> Required work
Below are entries to reproduce exactly, apart from their pictures.

> Saved entries
_ _ _

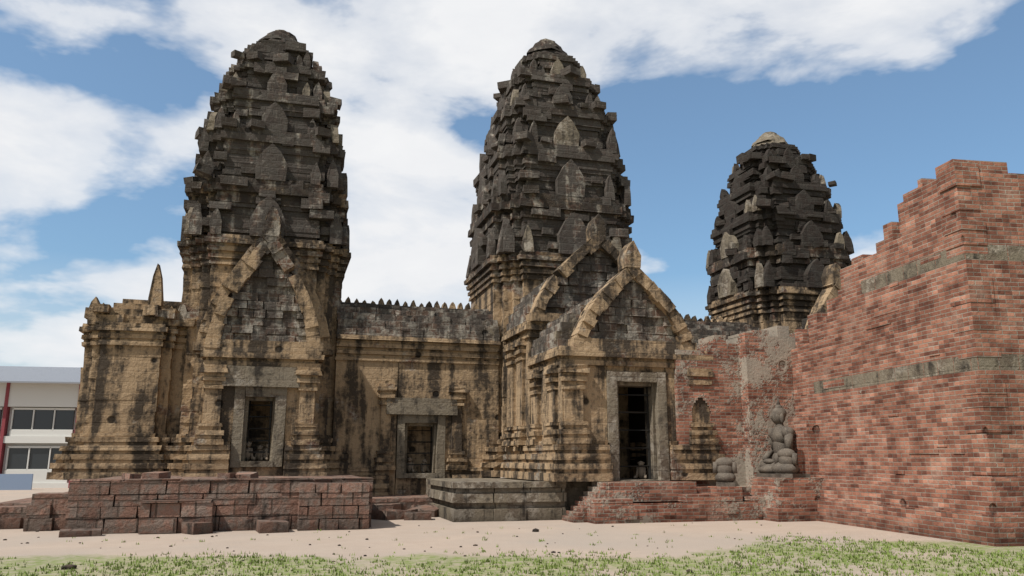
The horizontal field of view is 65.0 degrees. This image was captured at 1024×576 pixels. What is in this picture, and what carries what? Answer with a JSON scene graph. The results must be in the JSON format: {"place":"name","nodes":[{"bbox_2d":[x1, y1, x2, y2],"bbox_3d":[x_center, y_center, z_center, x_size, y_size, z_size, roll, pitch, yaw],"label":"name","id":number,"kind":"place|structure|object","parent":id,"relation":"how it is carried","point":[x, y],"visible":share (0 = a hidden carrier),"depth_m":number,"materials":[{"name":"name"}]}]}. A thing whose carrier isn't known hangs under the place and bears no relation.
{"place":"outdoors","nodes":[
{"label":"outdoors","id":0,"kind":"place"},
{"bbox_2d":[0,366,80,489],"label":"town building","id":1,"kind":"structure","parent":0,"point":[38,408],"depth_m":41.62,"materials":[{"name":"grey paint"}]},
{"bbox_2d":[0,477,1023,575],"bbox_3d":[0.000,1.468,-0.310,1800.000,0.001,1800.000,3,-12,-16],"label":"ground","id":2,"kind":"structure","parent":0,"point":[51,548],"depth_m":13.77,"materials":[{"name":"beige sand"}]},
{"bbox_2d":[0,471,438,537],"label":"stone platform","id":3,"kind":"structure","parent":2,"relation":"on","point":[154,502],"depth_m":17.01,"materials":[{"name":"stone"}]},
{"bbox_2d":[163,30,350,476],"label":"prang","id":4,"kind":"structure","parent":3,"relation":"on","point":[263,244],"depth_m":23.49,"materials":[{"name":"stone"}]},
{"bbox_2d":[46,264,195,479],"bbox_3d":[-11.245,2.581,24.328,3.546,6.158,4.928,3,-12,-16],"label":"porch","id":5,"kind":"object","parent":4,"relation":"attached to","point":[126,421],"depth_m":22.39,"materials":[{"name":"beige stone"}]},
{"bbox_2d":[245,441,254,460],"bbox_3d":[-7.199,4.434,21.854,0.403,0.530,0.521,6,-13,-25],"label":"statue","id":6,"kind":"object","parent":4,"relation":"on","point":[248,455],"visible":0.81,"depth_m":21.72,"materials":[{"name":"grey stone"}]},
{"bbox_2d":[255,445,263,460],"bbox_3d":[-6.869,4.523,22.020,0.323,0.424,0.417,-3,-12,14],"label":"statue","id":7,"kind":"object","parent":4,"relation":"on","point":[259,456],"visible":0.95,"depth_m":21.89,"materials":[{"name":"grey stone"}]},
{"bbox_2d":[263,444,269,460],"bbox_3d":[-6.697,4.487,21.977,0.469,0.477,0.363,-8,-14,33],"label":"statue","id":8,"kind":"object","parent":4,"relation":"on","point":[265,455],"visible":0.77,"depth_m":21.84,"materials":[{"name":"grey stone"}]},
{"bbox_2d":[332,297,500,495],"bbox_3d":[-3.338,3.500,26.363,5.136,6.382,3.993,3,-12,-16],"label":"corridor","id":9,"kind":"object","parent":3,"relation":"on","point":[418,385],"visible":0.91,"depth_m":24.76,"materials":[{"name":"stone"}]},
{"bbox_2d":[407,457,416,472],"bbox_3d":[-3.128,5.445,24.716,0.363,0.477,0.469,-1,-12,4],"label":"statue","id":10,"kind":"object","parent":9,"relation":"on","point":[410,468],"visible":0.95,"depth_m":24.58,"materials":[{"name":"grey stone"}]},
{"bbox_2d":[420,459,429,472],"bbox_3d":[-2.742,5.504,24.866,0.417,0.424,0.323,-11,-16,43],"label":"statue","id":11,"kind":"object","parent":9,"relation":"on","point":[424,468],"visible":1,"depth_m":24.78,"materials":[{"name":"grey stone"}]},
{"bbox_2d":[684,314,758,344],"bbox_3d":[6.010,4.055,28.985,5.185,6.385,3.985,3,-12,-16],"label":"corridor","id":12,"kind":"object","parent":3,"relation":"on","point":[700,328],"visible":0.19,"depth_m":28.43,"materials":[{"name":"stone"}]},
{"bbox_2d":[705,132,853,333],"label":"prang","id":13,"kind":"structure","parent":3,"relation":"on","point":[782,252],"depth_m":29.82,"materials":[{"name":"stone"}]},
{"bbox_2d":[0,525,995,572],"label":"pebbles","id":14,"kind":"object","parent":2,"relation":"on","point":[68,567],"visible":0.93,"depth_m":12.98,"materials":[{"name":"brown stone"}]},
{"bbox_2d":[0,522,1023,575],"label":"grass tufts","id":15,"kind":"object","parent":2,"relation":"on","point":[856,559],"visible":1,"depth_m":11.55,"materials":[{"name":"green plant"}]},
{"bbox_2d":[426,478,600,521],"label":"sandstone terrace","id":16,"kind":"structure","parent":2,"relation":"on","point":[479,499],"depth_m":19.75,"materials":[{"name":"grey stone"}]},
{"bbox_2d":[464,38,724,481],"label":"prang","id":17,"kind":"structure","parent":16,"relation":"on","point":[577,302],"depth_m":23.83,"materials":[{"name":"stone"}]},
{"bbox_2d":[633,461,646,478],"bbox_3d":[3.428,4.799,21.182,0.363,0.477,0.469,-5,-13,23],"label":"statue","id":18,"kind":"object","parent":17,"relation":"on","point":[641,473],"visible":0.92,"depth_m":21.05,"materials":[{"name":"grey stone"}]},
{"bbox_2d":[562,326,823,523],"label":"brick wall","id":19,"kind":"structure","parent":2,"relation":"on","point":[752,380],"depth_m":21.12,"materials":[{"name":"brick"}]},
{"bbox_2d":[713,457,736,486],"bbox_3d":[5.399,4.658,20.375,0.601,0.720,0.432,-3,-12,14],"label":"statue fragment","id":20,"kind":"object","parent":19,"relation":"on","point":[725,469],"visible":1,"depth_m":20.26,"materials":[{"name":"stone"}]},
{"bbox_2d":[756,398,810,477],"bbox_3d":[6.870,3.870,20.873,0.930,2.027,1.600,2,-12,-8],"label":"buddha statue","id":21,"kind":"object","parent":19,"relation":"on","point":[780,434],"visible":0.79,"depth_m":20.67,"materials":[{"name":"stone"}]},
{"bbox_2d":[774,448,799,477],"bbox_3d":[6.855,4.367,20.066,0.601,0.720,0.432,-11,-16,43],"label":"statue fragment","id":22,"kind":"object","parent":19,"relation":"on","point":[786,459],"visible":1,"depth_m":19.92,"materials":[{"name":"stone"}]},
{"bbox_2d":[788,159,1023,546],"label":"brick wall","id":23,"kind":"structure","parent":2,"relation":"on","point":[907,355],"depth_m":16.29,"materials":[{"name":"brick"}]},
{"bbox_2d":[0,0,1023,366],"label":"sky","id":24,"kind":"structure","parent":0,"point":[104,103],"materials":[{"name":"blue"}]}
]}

_ _ _

> Expected output
The horizontal field of view is 65.0 degrees. This image was captured at 1024×576 pixels. What is in this picture, and what carries what? Answer with a JSON scene graph. The results must be in the JSON format: {"place":"name","nodes":[{"bbox_2d":[x1, y1, x2, y2],"bbox_3d":[x_center, y_center, z_center, x_size, y_size, z_size, roll, pitch, yaw],"label":"name","id":number,"kind":"place|structure|object","parent":id,"relation":"how it is carried","point":[x, y],"visible":share (0 = a hidden carrier),"depth_m":number,"materials":[{"name":"name"}]}]}. A thing whose carrier isn't known hangs under the place and bears no relation.
{"place":"outdoors","nodes":[
{"label":"outdoors","id":0,"kind":"place"},
{"bbox_2d":[0,366,80,489],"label":"town building","id":1,"kind":"structure","parent":0,"point":[38,408],"depth_m":41.62,"materials":[{"name":"grey paint"}]},
{"bbox_2d":[0,477,1023,575],"bbox_3d":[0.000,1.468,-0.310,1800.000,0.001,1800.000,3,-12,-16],"label":"ground","id":2,"kind":"structure","parent":0,"point":[51,548],"depth_m":13.77,"materials":[{"name":"beige sand"}]},
{"bbox_2d":[0,471,438,537],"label":"stone platform","id":3,"kind":"structure","parent":2,"relation":"on","point":[154,502],"depth_m":17.01,"materials":[{"name":"stone"}]},
{"bbox_2d":[163,30,350,476],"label":"prang","id":4,"kind":"structure","parent":3,"relation":"on","point":[263,244],"depth_m":23.49,"materials":[{"name":"stone"}]},
{"bbox_2d":[46,264,195,479],"bbox_3d":[-11.245,2.581,24.328,3.546,6.158,4.928,3,-12,-16],"label":"porch","id":5,"kind":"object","parent":4,"relation":"attached to","point":[126,421],"depth_m":22.39,"materials":[{"name":"beige stone"}]},
{"bbox_2d":[245,441,254,460],"bbox_3d":[-7.199,4.434,21.854,0.403,0.530,0.521,6,-13,-25],"label":"statue","id":6,"kind":"object","parent":4,"relation":"on","point":[248,455],"visible":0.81,"depth_m":21.72,"materials":[{"name":"grey stone"}]},
{"bbox_2d":[255,445,263,460],"bbox_3d":[-6.869,4.523,22.020,0.323,0.424,0.417,-3,-12,14],"label":"statue","id":7,"kind":"object","parent":4,"relation":"on","point":[259,456],"visible":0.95,"depth_m":21.89,"materials":[{"name":"grey stone"}]},
{"bbox_2d":[263,444,269,460],"bbox_3d":[-6.697,4.487,21.977,0.469,0.477,0.363,-8,-14,33],"label":"statue","id":8,"kind":"object","parent":4,"relation":"on","point":[265,455],"visible":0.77,"depth_m":21.84,"materials":[{"name":"grey stone"}]},
{"bbox_2d":[332,297,500,495],"bbox_3d":[-3.338,3.500,26.363,5.136,6.382,3.993,3,-12,-16],"label":"corridor","id":9,"kind":"object","parent":3,"relation":"on","point":[418,385],"visible":0.91,"depth_m":24.76,"materials":[{"name":"stone"}]},
{"bbox_2d":[407,457,416,472],"bbox_3d":[-3.128,5.445,24.716,0.363,0.477,0.469,-1,-12,4],"label":"statue","id":10,"kind":"object","parent":9,"relation":"on","point":[410,468],"visible":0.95,"depth_m":24.58,"materials":[{"name":"grey stone"}]},
{"bbox_2d":[420,459,429,472],"bbox_3d":[-2.742,5.504,24.866,0.417,0.424,0.323,-11,-16,43],"label":"statue","id":11,"kind":"object","parent":9,"relation":"on","point":[424,468],"visible":1,"depth_m":24.78,"materials":[{"name":"grey stone"}]},
{"bbox_2d":[684,314,758,344],"bbox_3d":[6.010,4.055,28.985,5.185,6.385,3.985,3,-12,-16],"label":"corridor","id":12,"kind":"object","parent":3,"relation":"on","point":[700,328],"visible":0.19,"depth_m":28.43,"materials":[{"name":"stone"}]},
{"bbox_2d":[705,132,853,333],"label":"prang","id":13,"kind":"structure","parent":3,"relation":"on","point":[782,252],"depth_m":29.82,"materials":[{"name":"stone"}]},
{"bbox_2d":[0,525,995,572],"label":"pebbles","id":14,"kind":"object","parent":2,"relation":"on","point":[68,567],"visible":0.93,"depth_m":12.98,"materials":[{"name":"brown stone"}]},
{"bbox_2d":[0,522,1023,575],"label":"grass tufts","id":15,"kind":"object","parent":2,"relation":"on","point":[856,559],"visible":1,"depth_m":11.55,"materials":[{"name":"green plant"}]},
{"bbox_2d":[426,478,600,521],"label":"sandstone terrace","id":16,"kind":"structure","parent":2,"relation":"on","point":[479,499],"depth_m":19.75,"materials":[{"name":"grey stone"}]},
{"bbox_2d":[464,38,724,481],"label":"prang","id":17,"kind":"structure","parent":16,"relation":"on","point":[577,302],"depth_m":23.83,"materials":[{"name":"stone"}]},
{"bbox_2d":[633,461,646,478],"bbox_3d":[3.428,4.799,21.182,0.363,0.477,0.469,-5,-13,23],"label":"statue","id":18,"kind":"object","parent":17,"relation":"on","point":[641,473],"visible":0.92,"depth_m":21.05,"materials":[{"name":"grey stone"}]},
{"bbox_2d":[562,326,823,523],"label":"brick wall","id":19,"kind":"structure","parent":2,"relation":"on","point":[752,380],"depth_m":21.12,"materials":[{"name":"brick"}]},
{"bbox_2d":[713,457,736,486],"bbox_3d":[5.399,4.658,20.375,0.601,0.720,0.432,-3,-12,14],"label":"statue fragment","id":20,"kind":"object","parent":19,"relation":"on","point":[725,469],"visible":1,"depth_m":20.26,"materials":[{"name":"stone"}]},
{"bbox_2d":[756,398,810,477],"bbox_3d":[6.870,3.870,20.873,0.930,2.027,1.600,2,-12,-8],"label":"buddha statue","id":21,"kind":"object","parent":19,"relation":"on","point":[780,434],"visible":0.79,"depth_m":20.67,"materials":[{"name":"stone"}]},
{"bbox_2d":[774,448,799,477],"bbox_3d":[6.855,4.367,20.066,0.601,0.720,0.432,-11,-16,43],"label":"statue fragment","id":22,"kind":"object","parent":19,"relation":"on","point":[786,459],"visible":1,"depth_m":19.92,"materials":[{"name":"stone"}]},
{"bbox_2d":[788,159,1023,546],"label":"brick wall","id":23,"kind":"structure","parent":2,"relation":"on","point":[907,355],"depth_m":16.29,"materials":[{"name":"brick"}]},
{"bbox_2d":[0,0,1023,366],"label":"sky","id":24,"kind":"structure","parent":0,"point":[104,103],"materials":[{"name":"blue"}]}
]}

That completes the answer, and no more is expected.